[Entries taken from a collection]

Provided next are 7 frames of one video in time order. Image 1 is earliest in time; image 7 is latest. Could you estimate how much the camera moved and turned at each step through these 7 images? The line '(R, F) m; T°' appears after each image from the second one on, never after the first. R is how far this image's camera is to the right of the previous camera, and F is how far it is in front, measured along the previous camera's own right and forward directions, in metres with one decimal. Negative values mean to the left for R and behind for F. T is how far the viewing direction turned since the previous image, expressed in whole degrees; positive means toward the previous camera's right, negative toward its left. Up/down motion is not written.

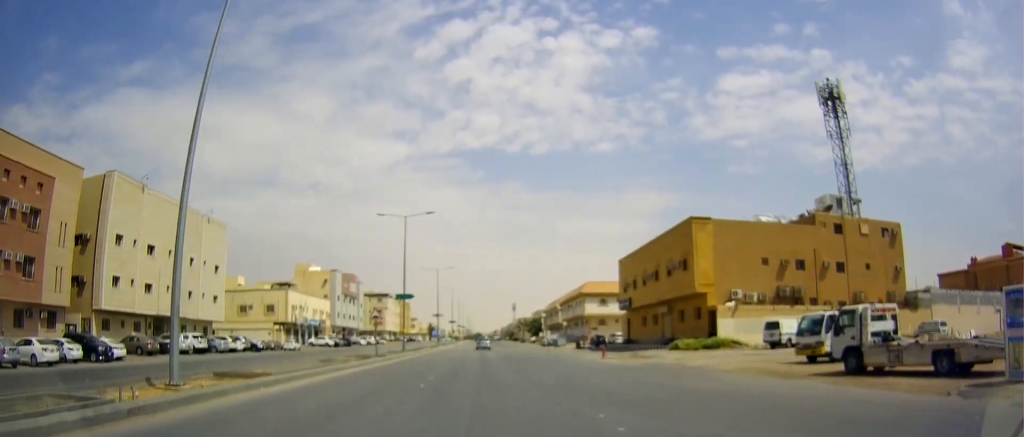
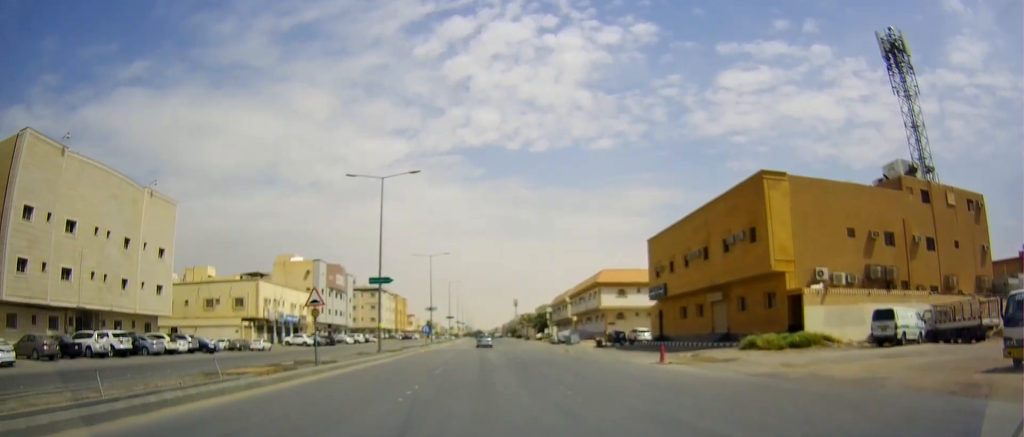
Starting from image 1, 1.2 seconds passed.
(0.0, +13.0) m; +1°
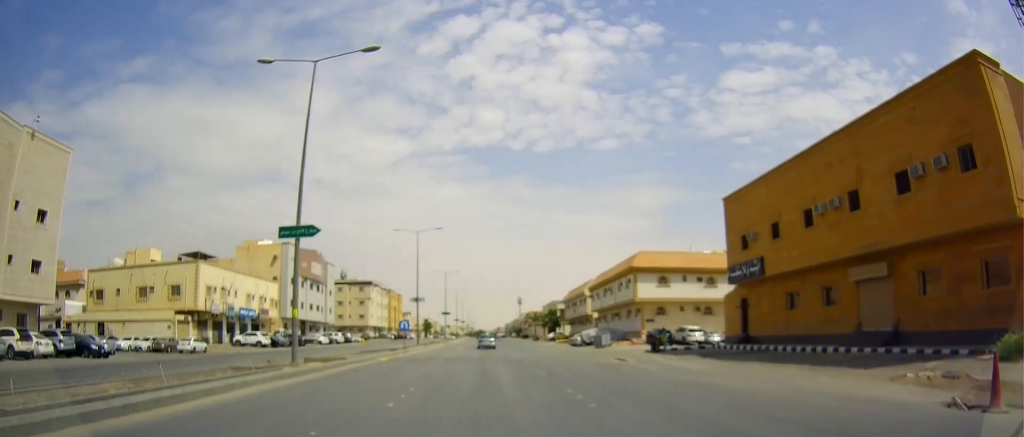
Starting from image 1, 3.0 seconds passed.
(-0.2, +19.4) m; -1°
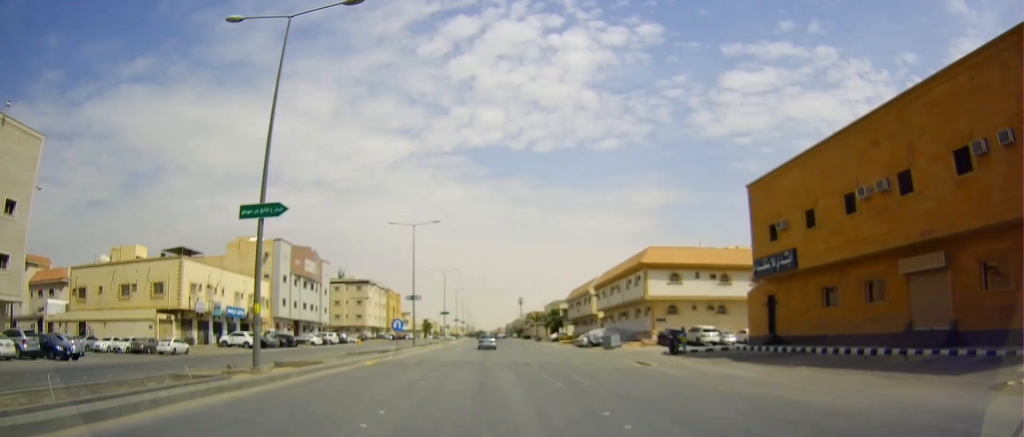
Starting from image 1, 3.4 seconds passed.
(+0.1, +4.0) m; +1°
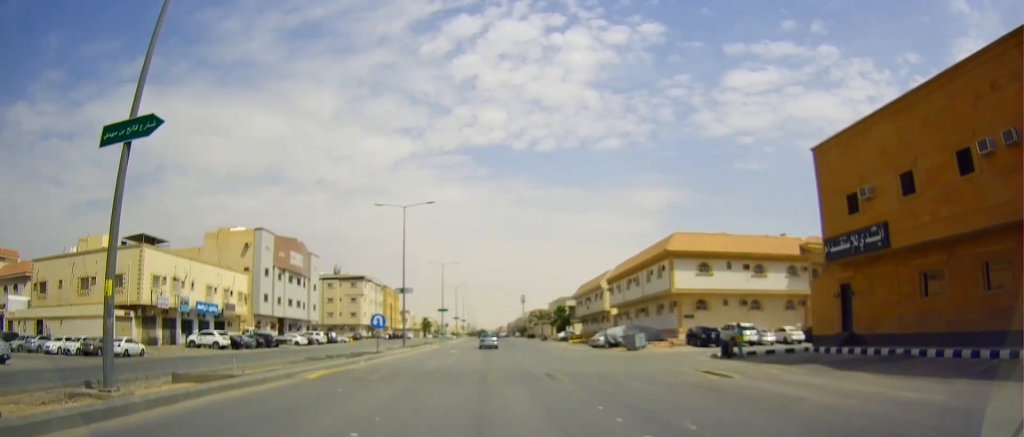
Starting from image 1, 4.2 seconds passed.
(+0.1, +8.6) m; 0°
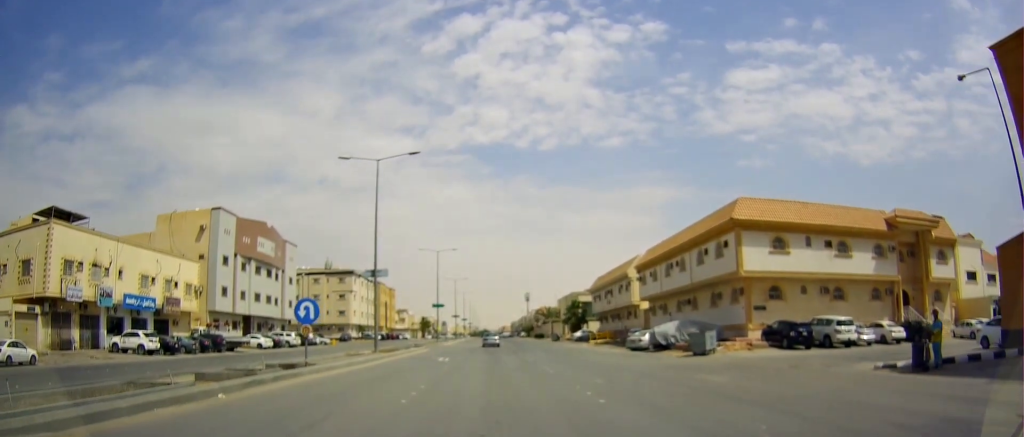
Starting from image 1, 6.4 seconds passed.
(-0.3, +16.7) m; -2°
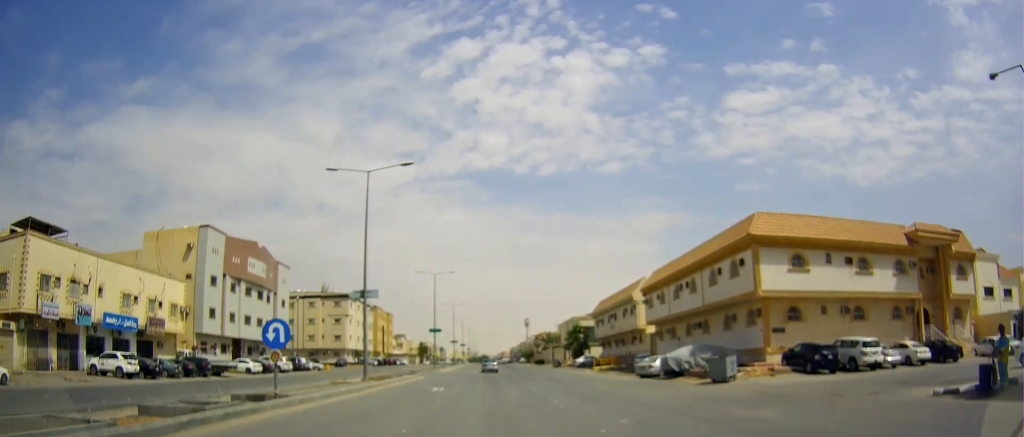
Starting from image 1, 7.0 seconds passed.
(0.0, +3.5) m; +1°

What the exercise asks. Only the lines from the one containing "Starting from image 1, 4.2 seconds passed." through the last line of the entries above, both included, belong in the answer, written out exactly; pictures do not.

Solution for this problem.
Starting from image 1, 4.2 seconds passed.
(+0.1, +8.6) m; 0°
Starting from image 1, 6.4 seconds passed.
(-0.3, +16.7) m; -2°
Starting from image 1, 7.0 seconds passed.
(0.0, +3.5) m; +1°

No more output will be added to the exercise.